Effective carbon dioxide photo-reduction reaction of heterojunction CdS@Fe2O3 catalyst

J.Y. Do, N. Son, J. Kim, J.N. Heo, M. Kang
Yeungnam University,

Keywords: CdS@Fe2O3, heterojunction, CO2 photo-reduction, photocatalyst


Carbon dioxide accelerates global warming as a contributor to greenhouse gas emissions. After the Paris Climate Convention in 2015, global emissions of carbon dioxide are regulated due to environmental problems caused by greenhouse gases. In recent years, technologies to convert CO2 into other energy sources such as methane and methanol have been attracting much attention, with the reduction of CO2 emissions. Among the various carbon dioxide conversion technologies, the photochemical conversion technology of CO2 utilizing solar energy is an environmentally friendly future technology, so it is essential to develop a high efficiency photocatalyst. In this study, we tried to improve the photocatalytic performance by bonding Fe2O3 to CdS which is one of promising photocatalyst in visible light region. Fe2O3 is also used as a photocatalyst in many applications because of its narrow band gap of about 2.0 eV. However, pure CdS and Fe2O3 single materials are limited due to the fast recombination rate between photo-generated electrons and hole pairs. Therefore, the stability of the catalyst was improved by combining two materials having an ideal band gap, and the effective light absorption and charge separation efficiency were expected by the synergistic effect. CdS nanowire-based heterojunction CdS@Fe2O3 catalysts were applied to the carbon dioxide photo-reduction reaction to evaluate the photocatalytic activity. The optimal ratio of CdS to Fe2O3 was investigated.

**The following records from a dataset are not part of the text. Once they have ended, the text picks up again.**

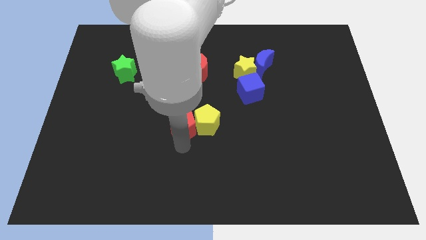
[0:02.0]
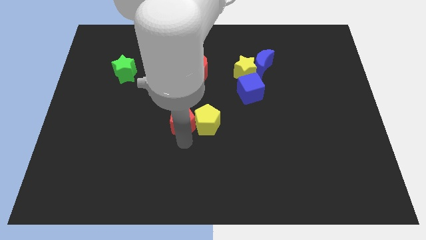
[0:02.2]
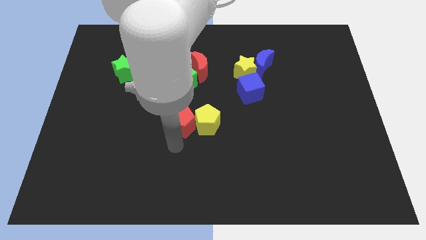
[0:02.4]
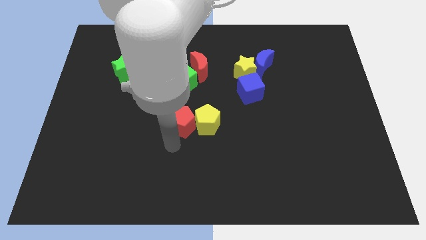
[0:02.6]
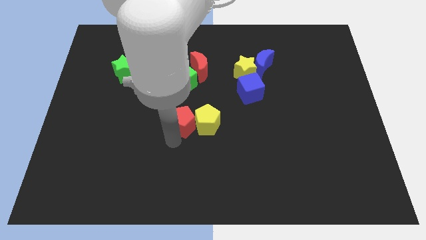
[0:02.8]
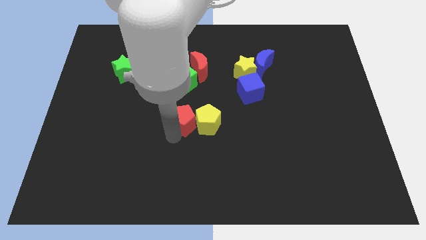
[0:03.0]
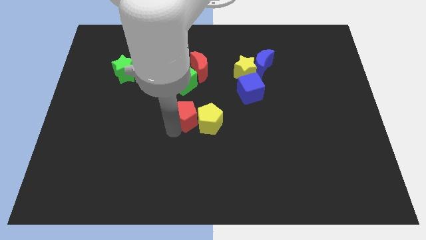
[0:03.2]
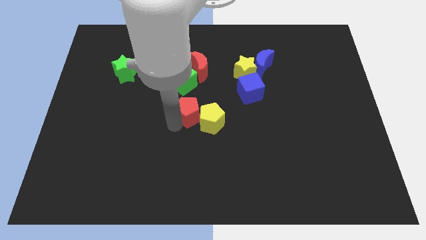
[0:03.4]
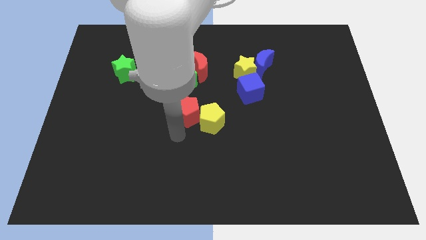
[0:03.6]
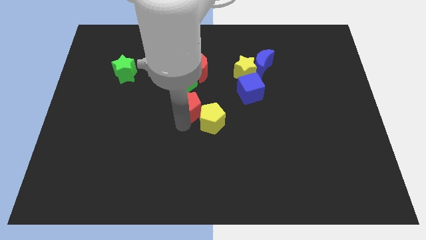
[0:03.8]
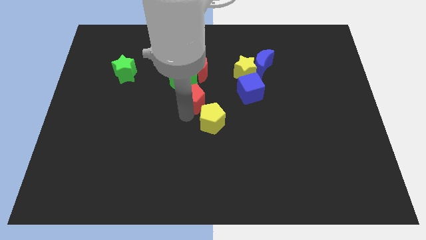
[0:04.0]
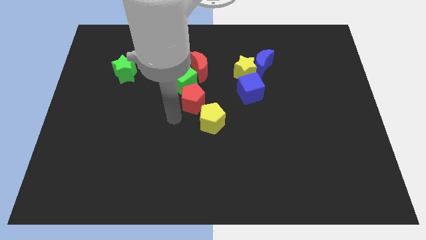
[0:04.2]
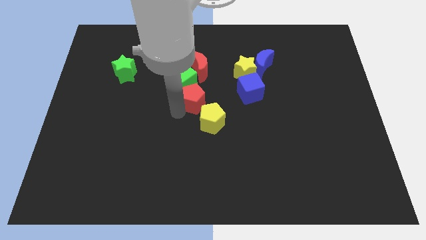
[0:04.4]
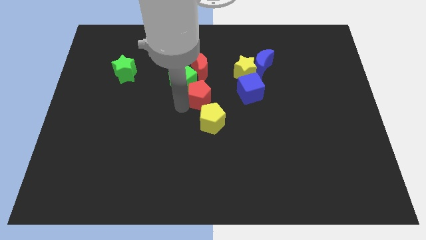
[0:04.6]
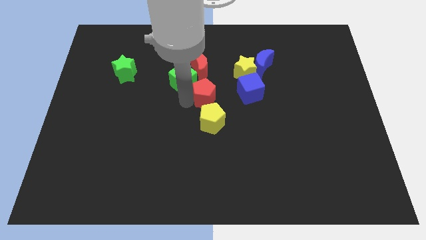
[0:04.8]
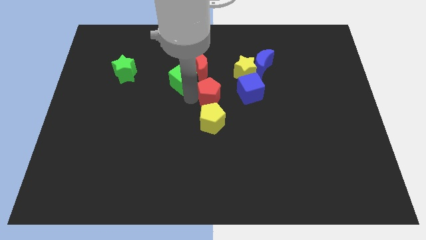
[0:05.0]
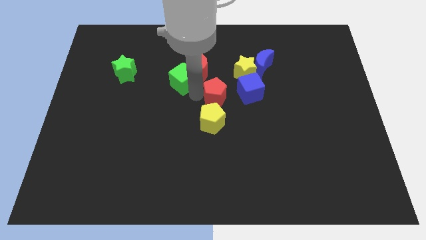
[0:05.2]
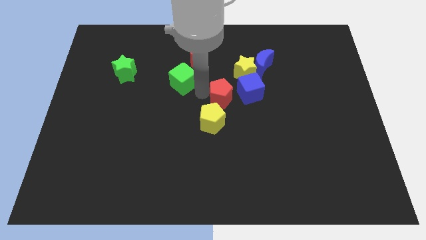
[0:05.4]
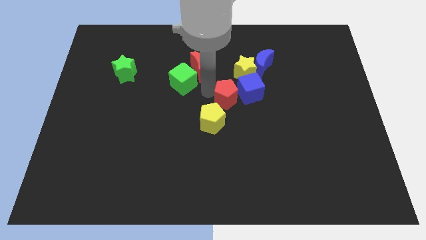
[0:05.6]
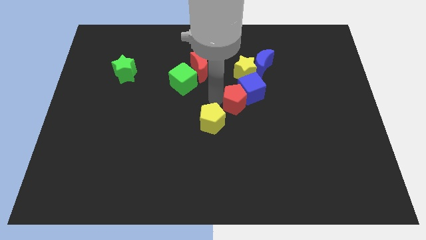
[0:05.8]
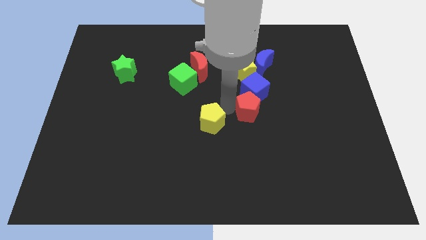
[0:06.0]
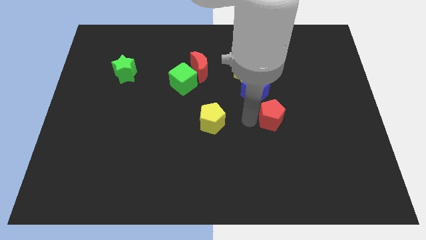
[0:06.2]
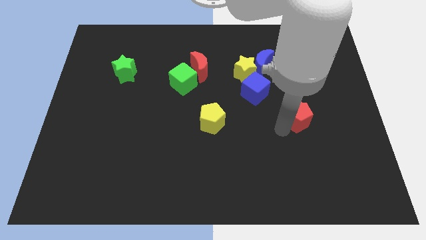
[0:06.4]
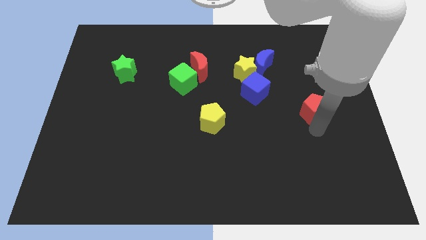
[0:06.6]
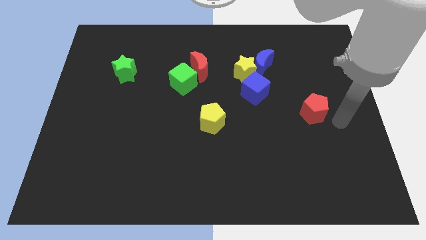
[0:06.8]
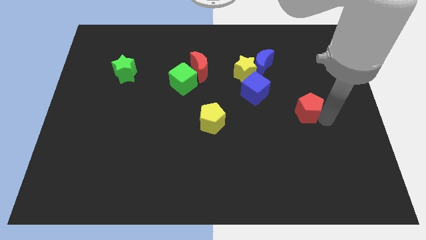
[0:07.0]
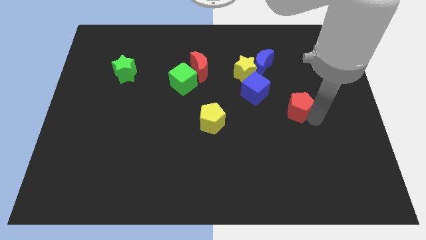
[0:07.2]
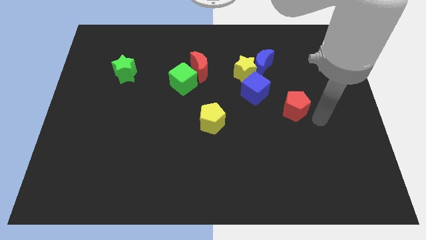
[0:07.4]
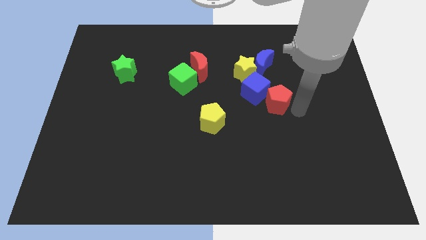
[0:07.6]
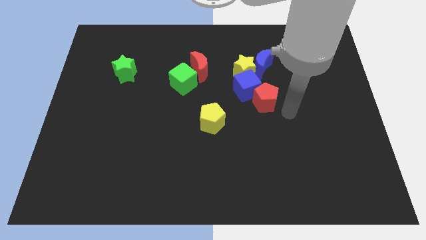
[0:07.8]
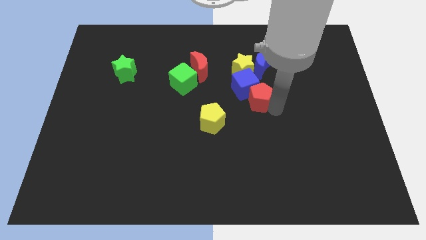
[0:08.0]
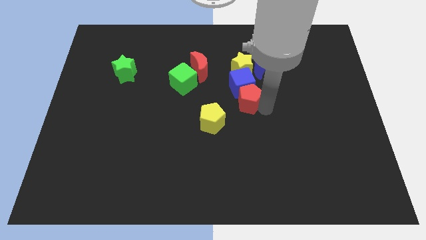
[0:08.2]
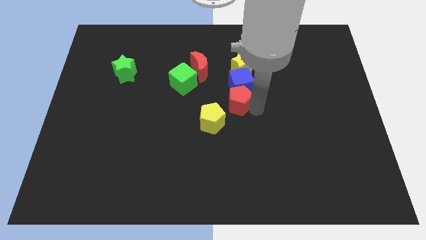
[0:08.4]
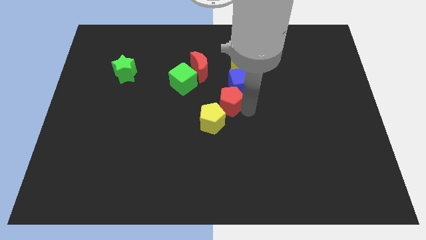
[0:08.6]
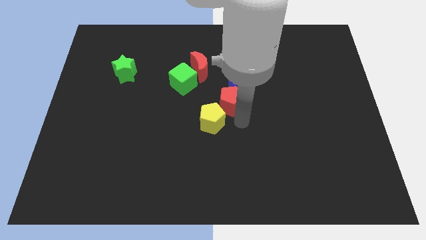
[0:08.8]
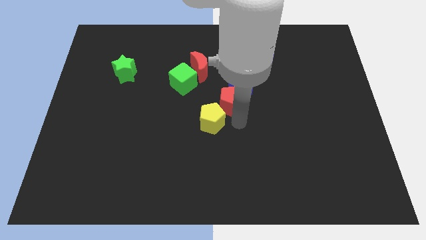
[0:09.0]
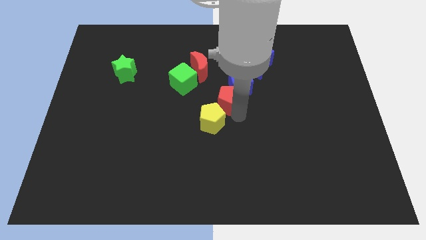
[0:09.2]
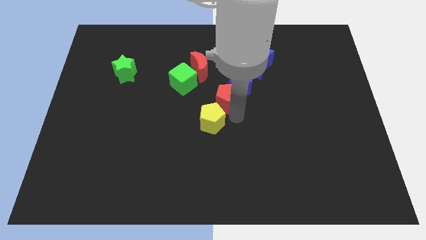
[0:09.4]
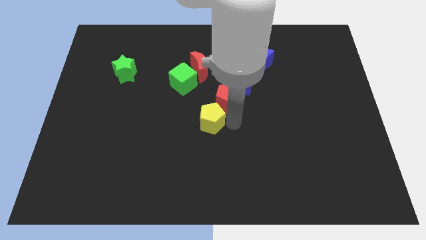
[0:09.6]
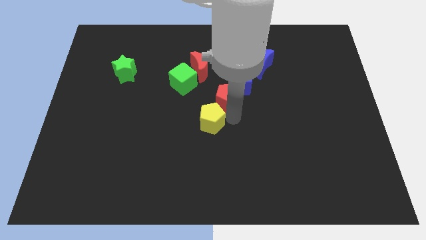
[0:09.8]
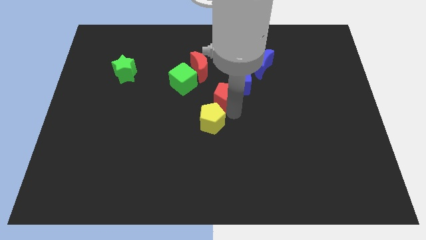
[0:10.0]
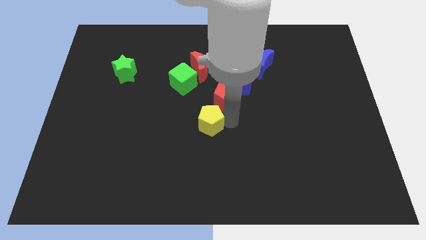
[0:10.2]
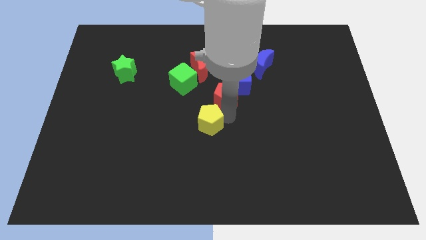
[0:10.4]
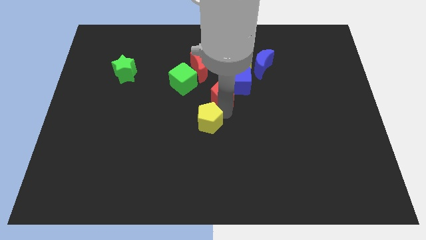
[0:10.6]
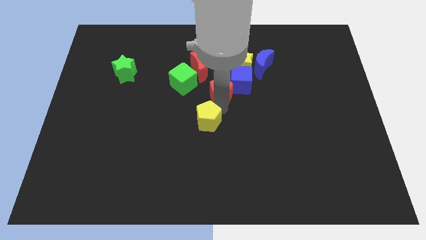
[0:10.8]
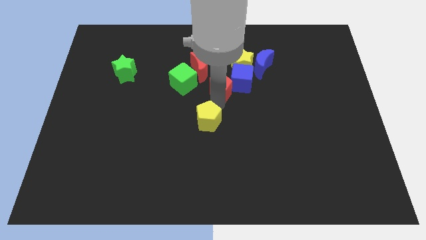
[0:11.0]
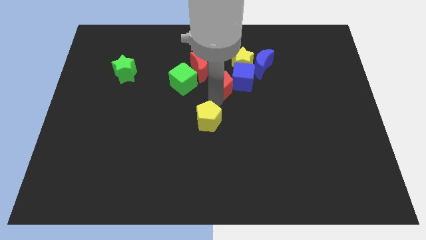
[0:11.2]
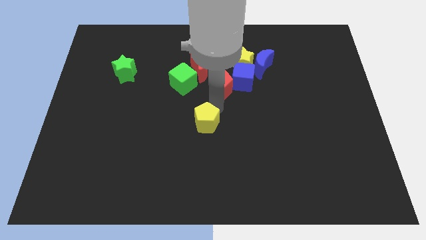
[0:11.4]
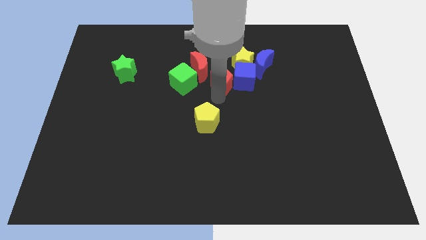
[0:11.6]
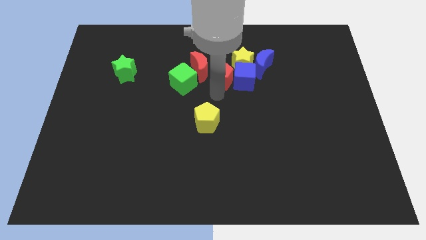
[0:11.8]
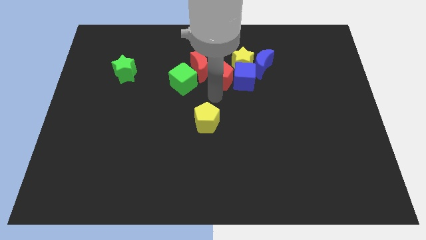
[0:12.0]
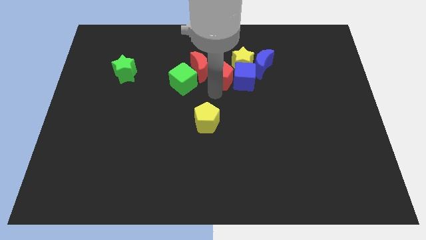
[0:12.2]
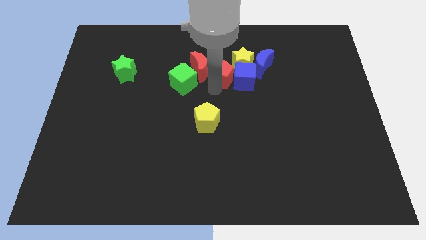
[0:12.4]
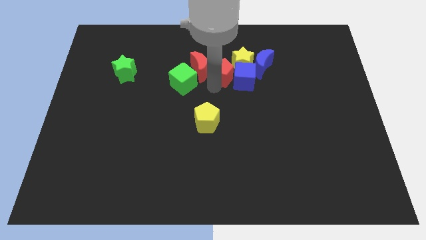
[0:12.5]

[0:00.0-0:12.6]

As a result, CdS@Fe2O3 (1:1) catalyst showed maximum methane production efficiency after 10 h reaction under visible light irradiation. Ultimately, the photocurrent and IMVS results show that heterojunction CdS@Fe2O3 catalysts promote charge separation as compared to pure CdS, Fe2O3, and maintain stable high catalyst performance at slow recombination rates.